出手的另一個陰鷙男子,刮得湛青的腦門下,眼神狠厲。
他從懷里掏出一個令牌。
“官府辦事,不想死就給我滾開。”
他的牌子上寫著內(nèi)務(wù)府協(xié)辦五個大字。
精通八卦掌,又是官身,這人的身份顯而易見。
尹福的徒子徒孫。
尹福是八卦掌創(chuàng)始人董海川的弟子,在皇宮內(nèi)院當(dāng)差,曾教過皇帝。

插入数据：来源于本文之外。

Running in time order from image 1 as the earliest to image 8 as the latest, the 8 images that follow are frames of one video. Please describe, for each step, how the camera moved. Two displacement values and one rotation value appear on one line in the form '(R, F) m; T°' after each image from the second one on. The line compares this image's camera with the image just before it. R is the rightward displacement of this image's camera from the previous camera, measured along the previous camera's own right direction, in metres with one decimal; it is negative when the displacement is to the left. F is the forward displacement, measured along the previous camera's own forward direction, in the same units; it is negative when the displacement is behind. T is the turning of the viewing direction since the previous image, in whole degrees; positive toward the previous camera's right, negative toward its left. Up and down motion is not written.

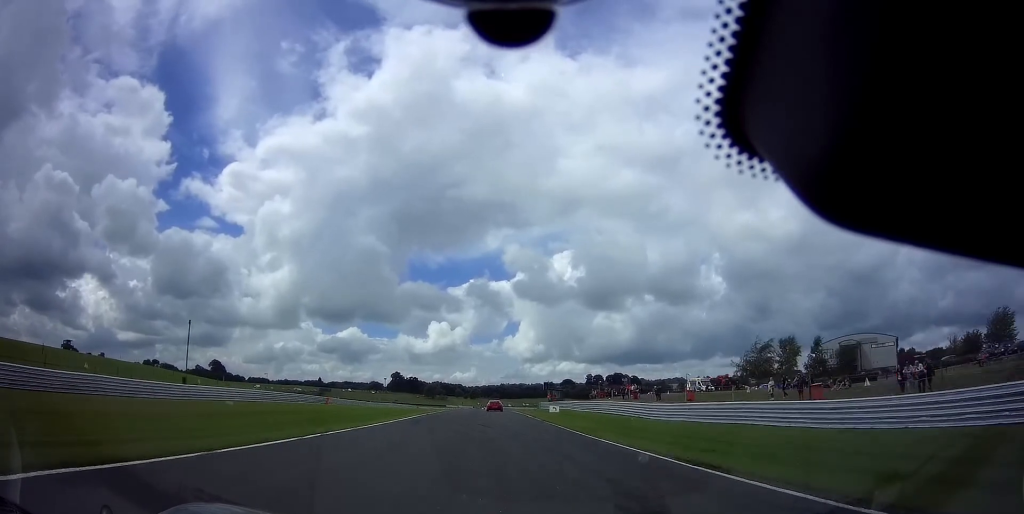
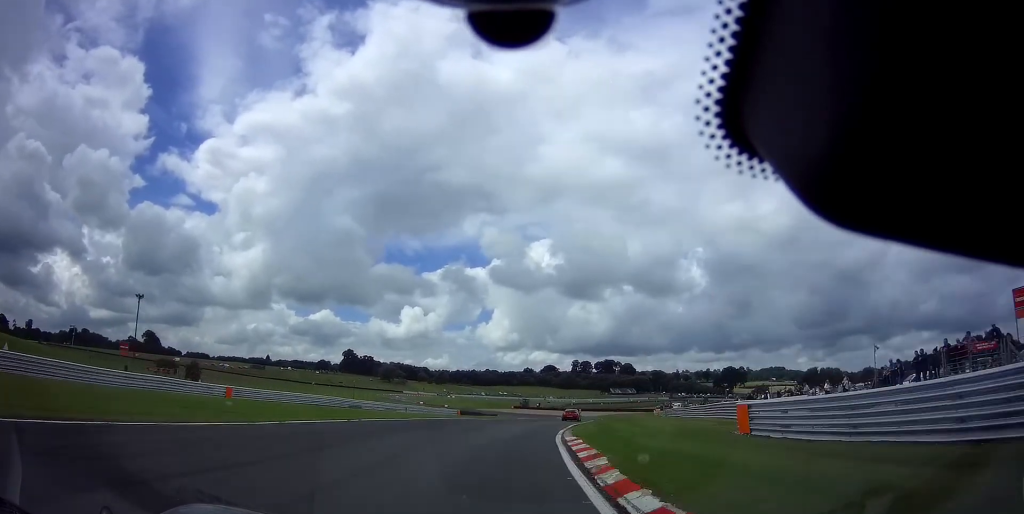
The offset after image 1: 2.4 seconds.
(+1.6, +89.5) m; +5°
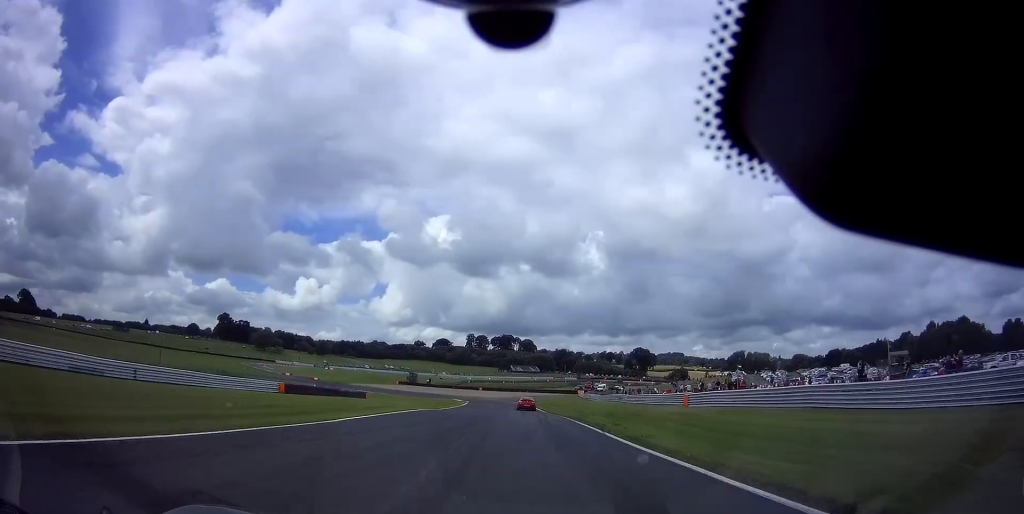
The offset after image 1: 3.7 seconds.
(+3.1, +44.3) m; +8°
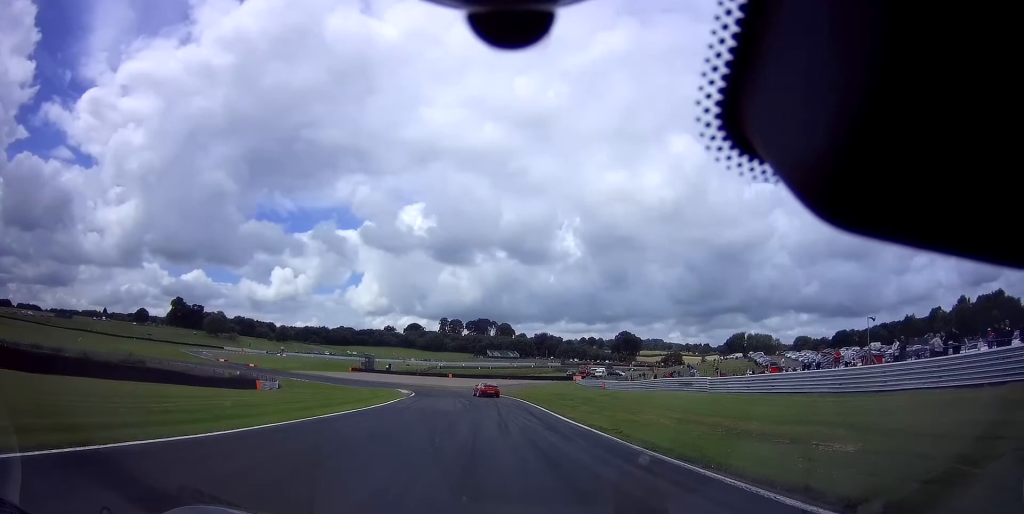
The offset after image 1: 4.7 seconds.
(+2.2, +34.5) m; +3°
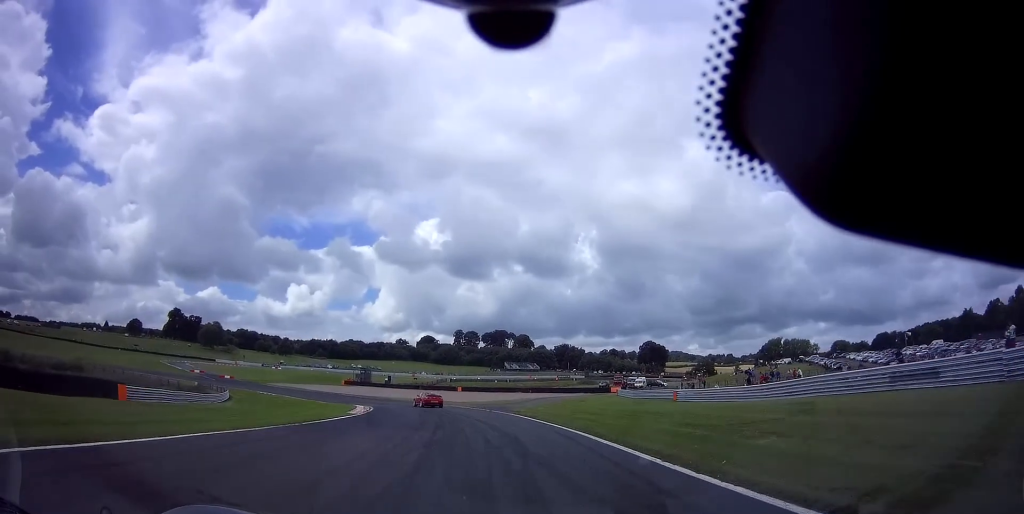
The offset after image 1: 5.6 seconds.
(0.0, +25.3) m; -3°
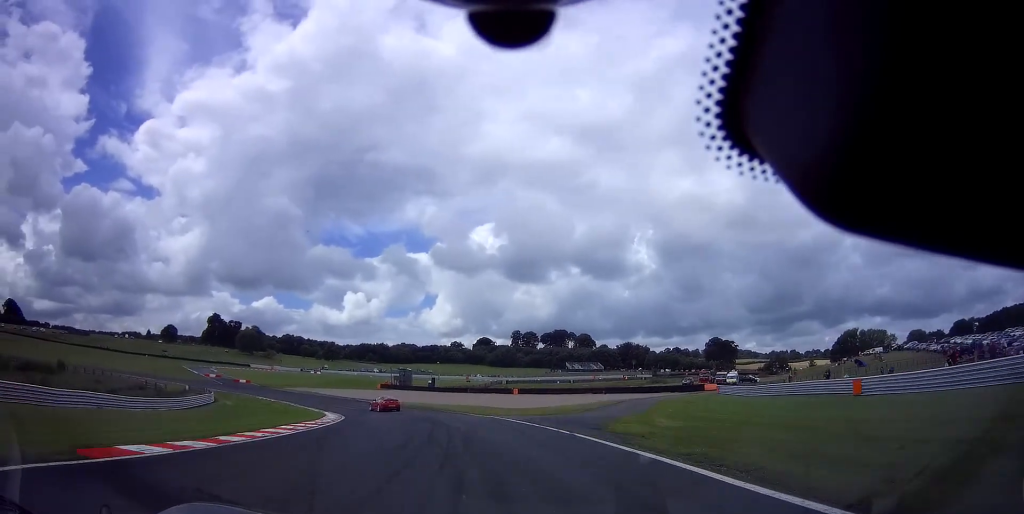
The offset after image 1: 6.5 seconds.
(-0.8, +21.1) m; -6°
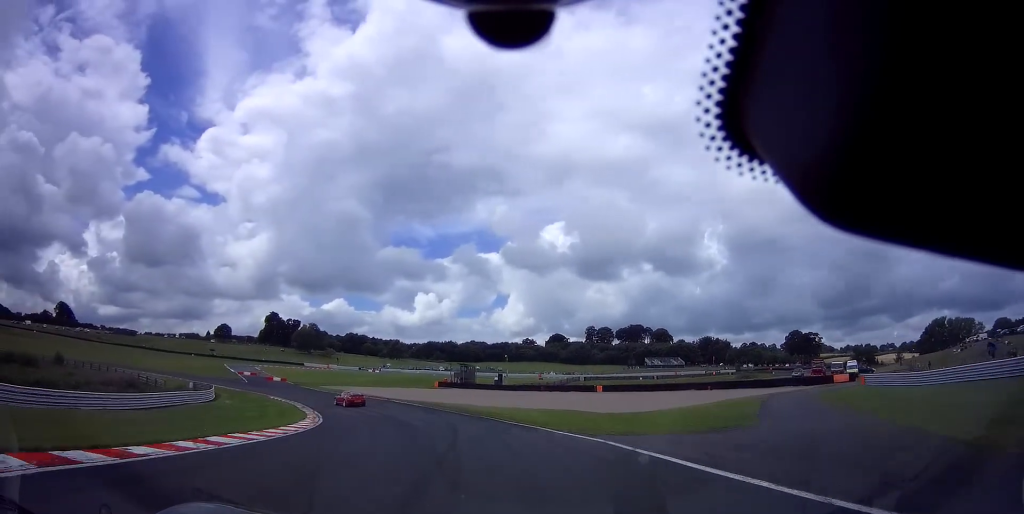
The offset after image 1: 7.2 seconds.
(-1.3, +17.2) m; -9°
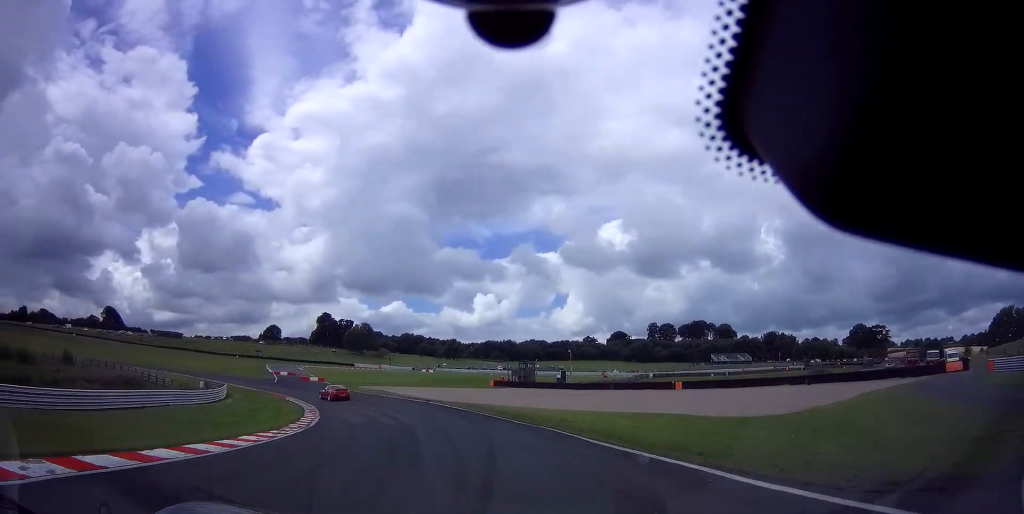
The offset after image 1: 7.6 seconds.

他有個徒弟名叫宮寶田,現(xiàn)為大內(nèi)侍衛(wèi)總管,四品帶刀侍衛(wèi)。
因尹福,宮保田的緣故,八卦掌這一門得以發(fā)展壯大。
眼前的家伙囂張至此,大部分的原因便在于此。
當(dāng)然,八卦掌一門并非所有人都如此囂張跋扈,董海川隔代徒弟程廷華和大刀王五等人交好,是一位鐵骨錚錚的漢子。
“原來是清庭的走狗。”
寂靜的茶館,清脆的女子聲音很顯眼。
那個拿出腰牌的男子,立馬望過去,看到唐家仁對面的女孩,他冷哼一聲,擰腿腳底屈出一顆石子,猛地發(fā)力,石子嗖地飛出。
唐家仁動也不動,好似沒看到一樣。
他對面的女孩不見動作,一個細(xì)如牛毛的飛針飛出擊碎石子,去勢不減,直奔那男子飛去。
“大膽!”
男子一掌擊落飛針,口中厲喝。
這聲落下,又有三個一般打扮,拖著長長鞭子的精悍男子從人群走出,站在不同方位,將茶館兒圍住。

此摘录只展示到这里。